Luca Luciano (born 12 August 1975) is a solo artist and a thinker, a clarinet virtuoso and a composer with a strong interest in philosophy, who has made his career in Great Britain, lived in London for more than twenty years and now lives between the UK and Italy.

==Early life and education==
Luciano was born in Naples, Italy. He began his career at the age of twelve performing at the Sala Curci of Naples. He received a master's degree from the Conservatory of Music of Salerno (Italy) in 1999 and he is awarded the Fellow Status of the Higher Education Academy of Great Britain in 2010.

==Life and work==
Luciano has defined himself as a solo artist, not solely an instrumentalist, but a complete musician in line with the tradition set by the great maestri of the past. He has held the position of clarinet professor at the Leeds College of Music in the UK, he is a specialist of both classical and improvised music and his research focuses on extended techniques, unconventional sound production, sound effects and new compositions for solo clarinet. Music to him is part of a broader philosophical path (in the sense of "philo-sophia") where creativity is an important element of his life with an ontological relevance to him.
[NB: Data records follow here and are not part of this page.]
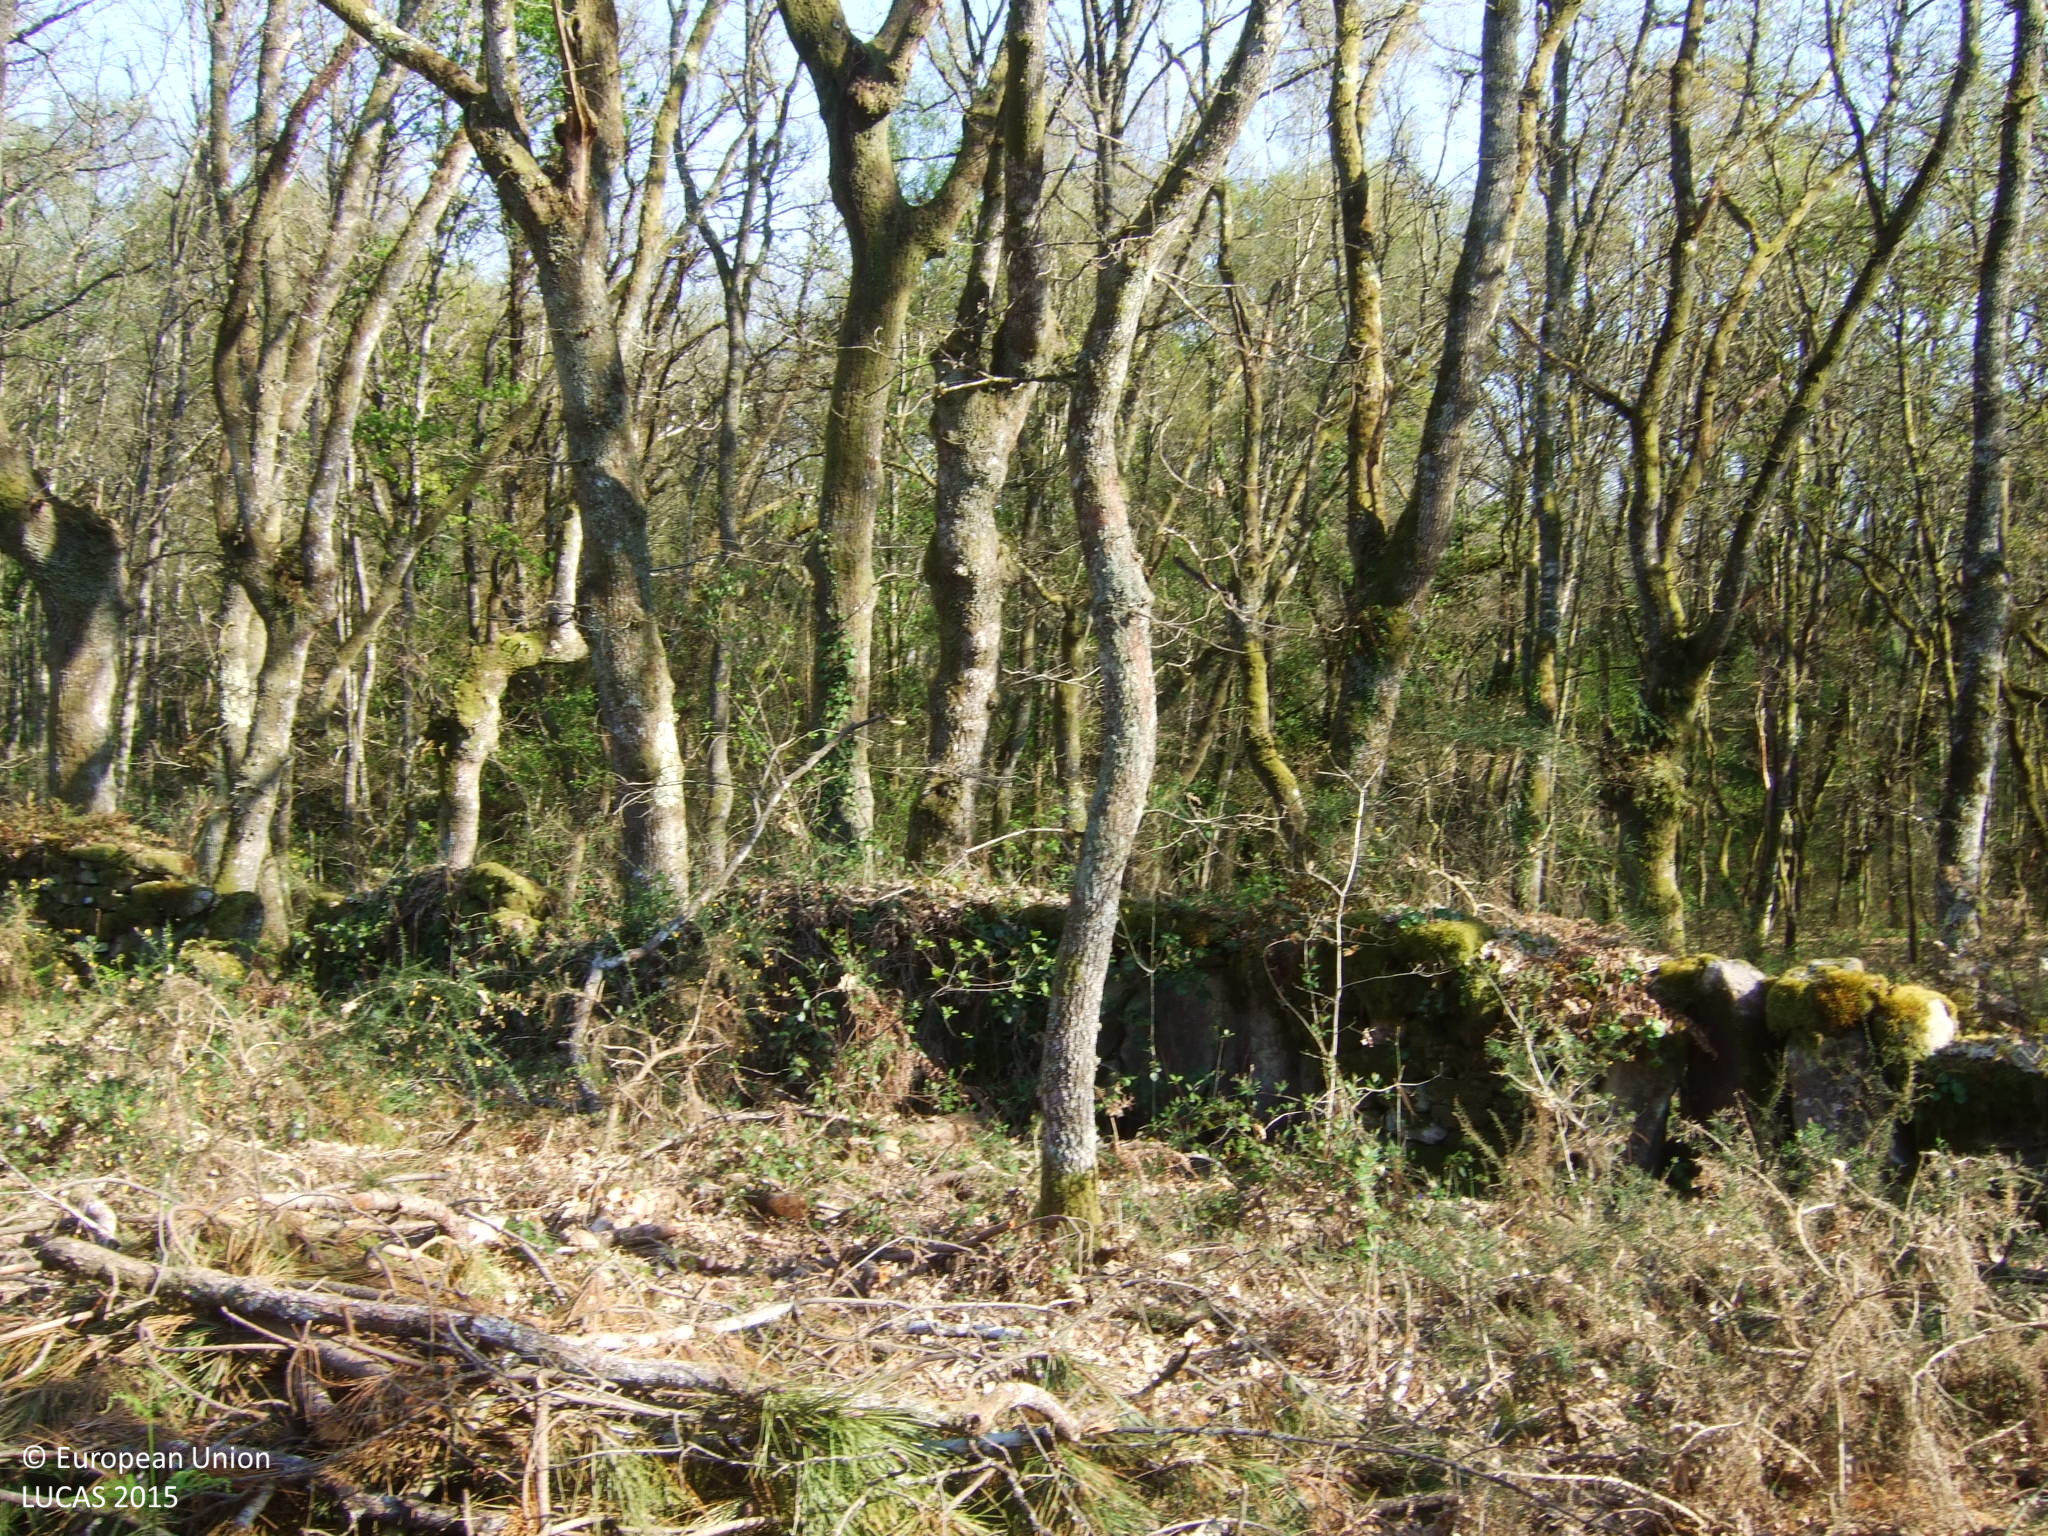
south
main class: Woodland
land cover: Broadleaved woodland
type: acidophilous oak and oak-birch forest
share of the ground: 10 - 25 %
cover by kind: unconsolidated bare surface 85 %, broadleaved forest trees 15 %
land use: Forestry
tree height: > 5 m
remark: Clear cut
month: April
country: ES
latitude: 43.0488
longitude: -7.6226
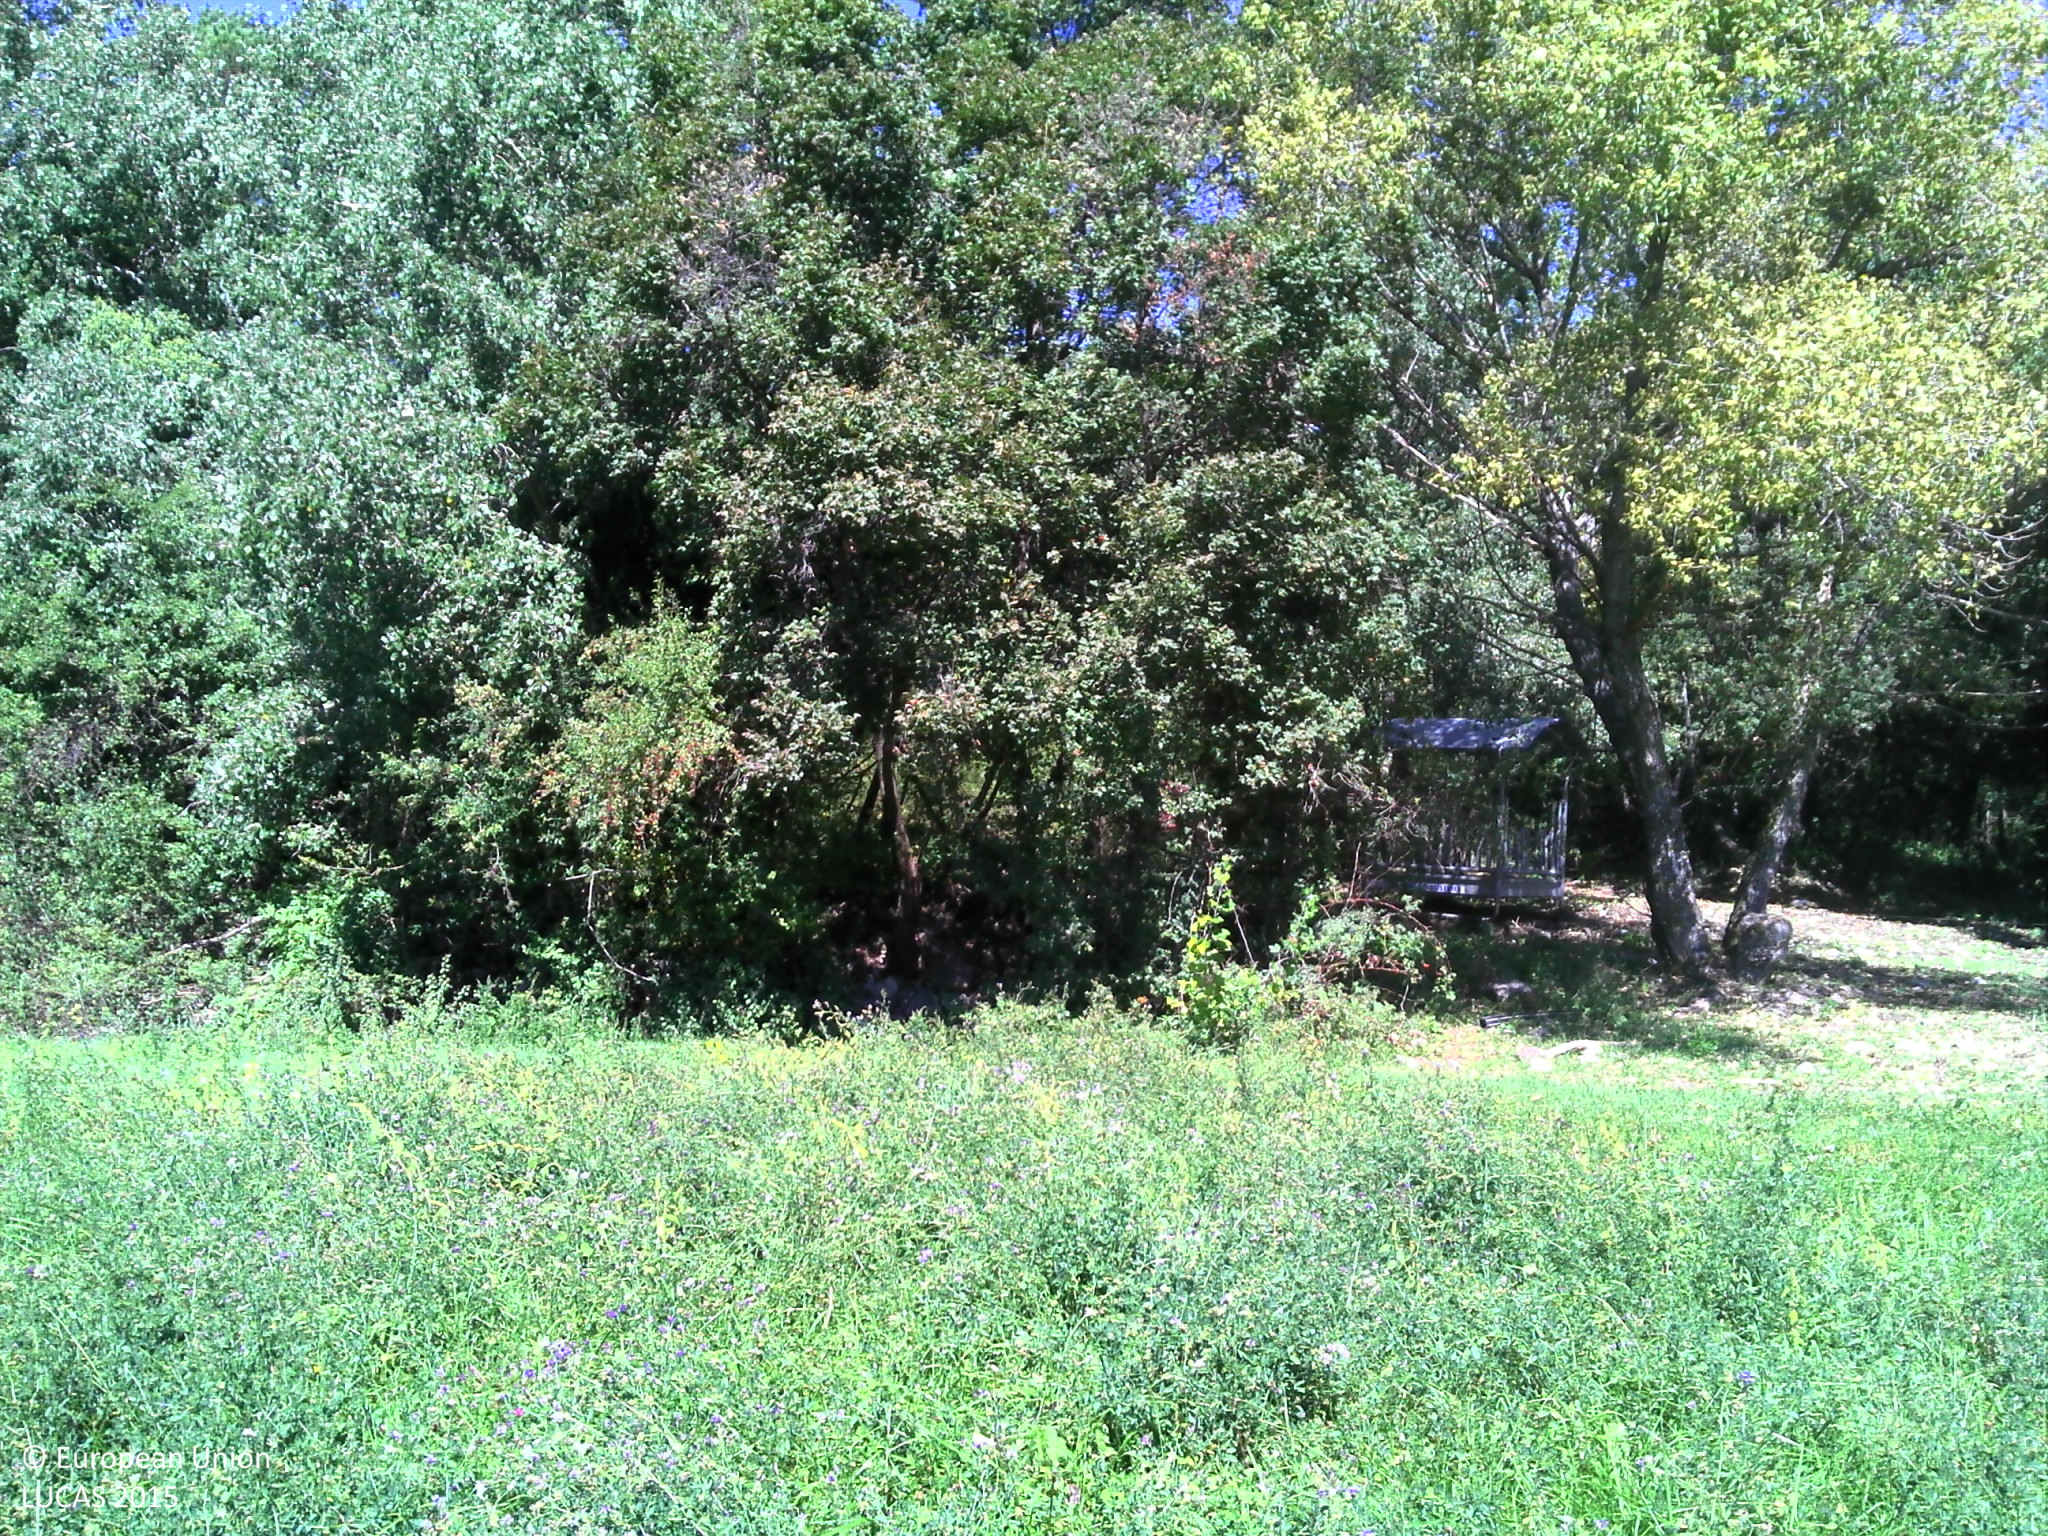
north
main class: Cropland
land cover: Lucerne
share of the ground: > 75 %
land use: Agriculture (excluding fallow land and kitchen gardens)
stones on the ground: < 10 %
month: September
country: FR
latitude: 44.5704
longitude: 6.2163
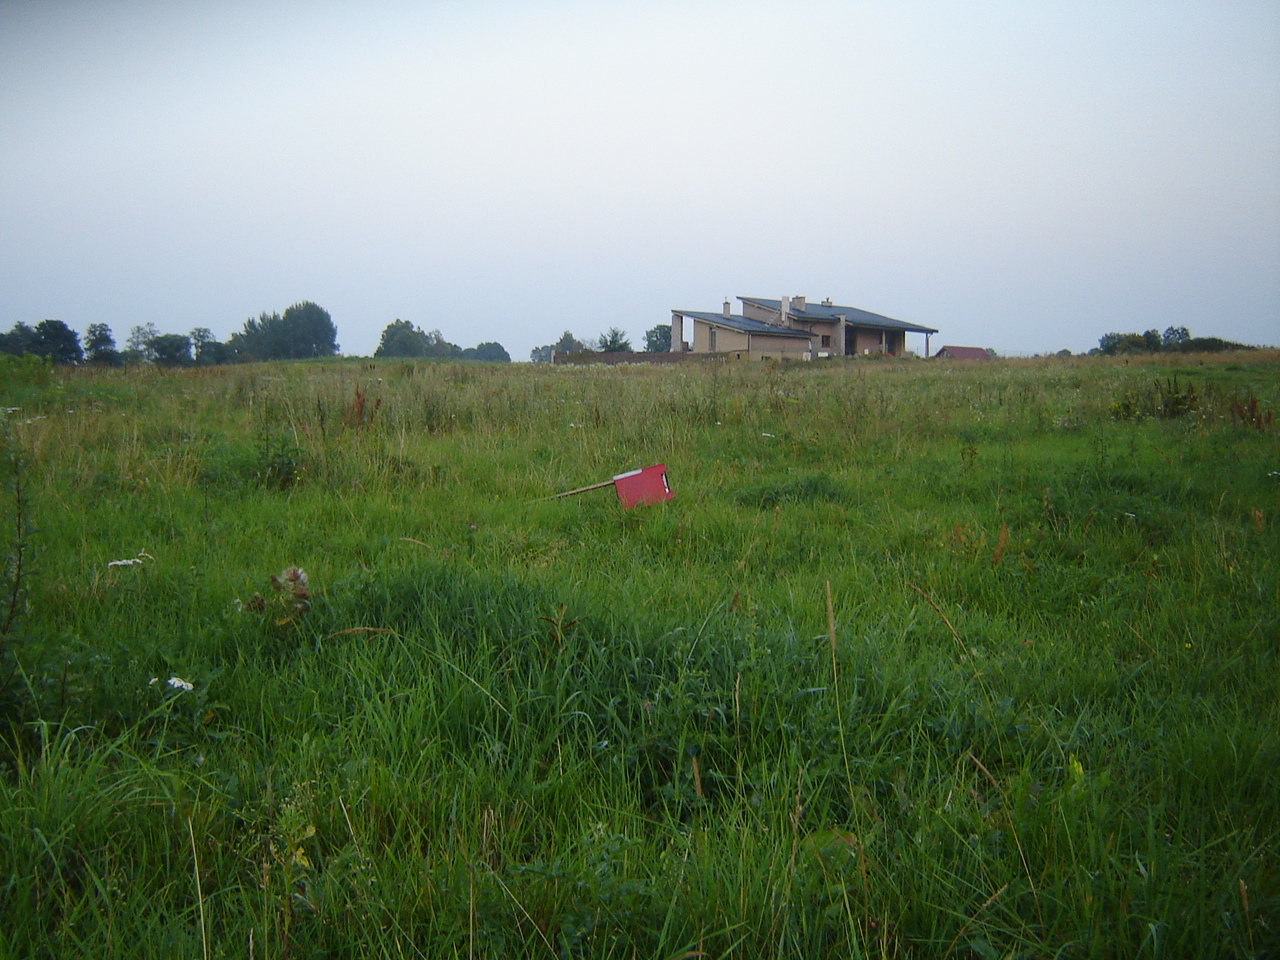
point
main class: Grassland
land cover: Grassland without tree/shrub cover
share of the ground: > 75 %
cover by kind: herbaceous plants 100 %
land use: Agriculture (excluding fallow land and kitchen gardens)
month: August
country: LT
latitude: 54.7989
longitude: 25.1917
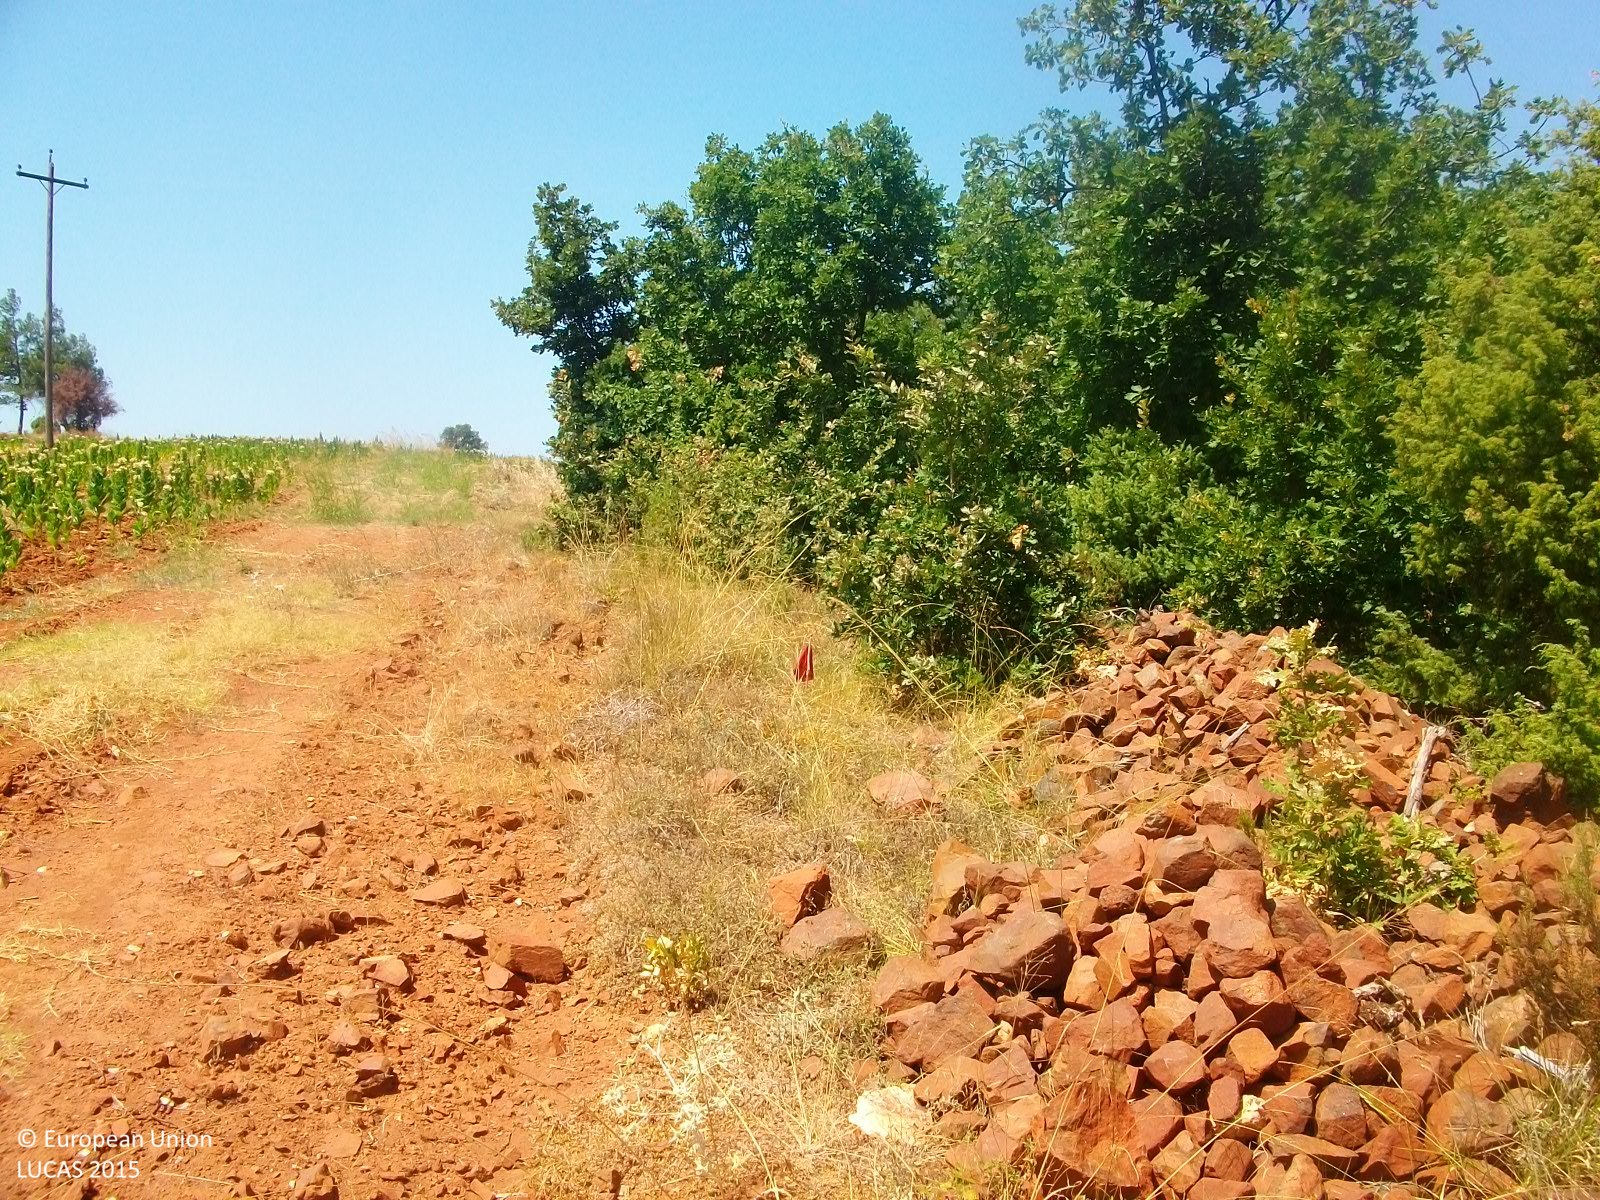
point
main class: Woodland
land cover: Broadleaved woodland
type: thermophilous deciduous forest
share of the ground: > 75 %
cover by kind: broadleaved forest trees 80 %, shrubs 10 %, herbaceous plants 10 %
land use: Forestry
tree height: > 5 m
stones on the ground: 10 - 25 %
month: August
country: GR
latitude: 41.2317
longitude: 26.1859

When it comes to his art, "Luciano seems intent on challenging preconceptions" and his interpretations are praised as "bold and unique".

Introduced as "the new voice of the clarinet" by De Klarinet magazine, a keen promoter of new music, he has been described by Musician Magazine as "a noted Italian clarinettist and composer who now makes his home in London, having developed an enviable reputation as an instrumental virtuoso around the UK and overseas via recordings and concert hall appearances". Praised by the International Clarinet Association for "the full range of his abilities", Luciano was introduced by the BBC as "one of Europe's leading exponents of jazz clarinet".

He has "established himself as the friendly face of contemporary clarinet" according to the Clarinet & Saxophone Magazine. He has held several recitals, master-classes, lecture-recitals and workshops in the UK, Europe and South America including the South Bank Centre in London, the Barber Institute of Fine Arts (Birmingham University), the Edinburgh Festival in Scotland, SESI Serie International and Centro Cultural São Paulo (Brazil), European Clarinet Festival in Belgium, The American Cathedral in Paris. In recent years he has been focusing primarily on his own music with premieres regularly held at St Martin in the Fields in London for their "New Music Series", Cambridge University and overseas. His compositions have been cited on books about the clarinet repertoire.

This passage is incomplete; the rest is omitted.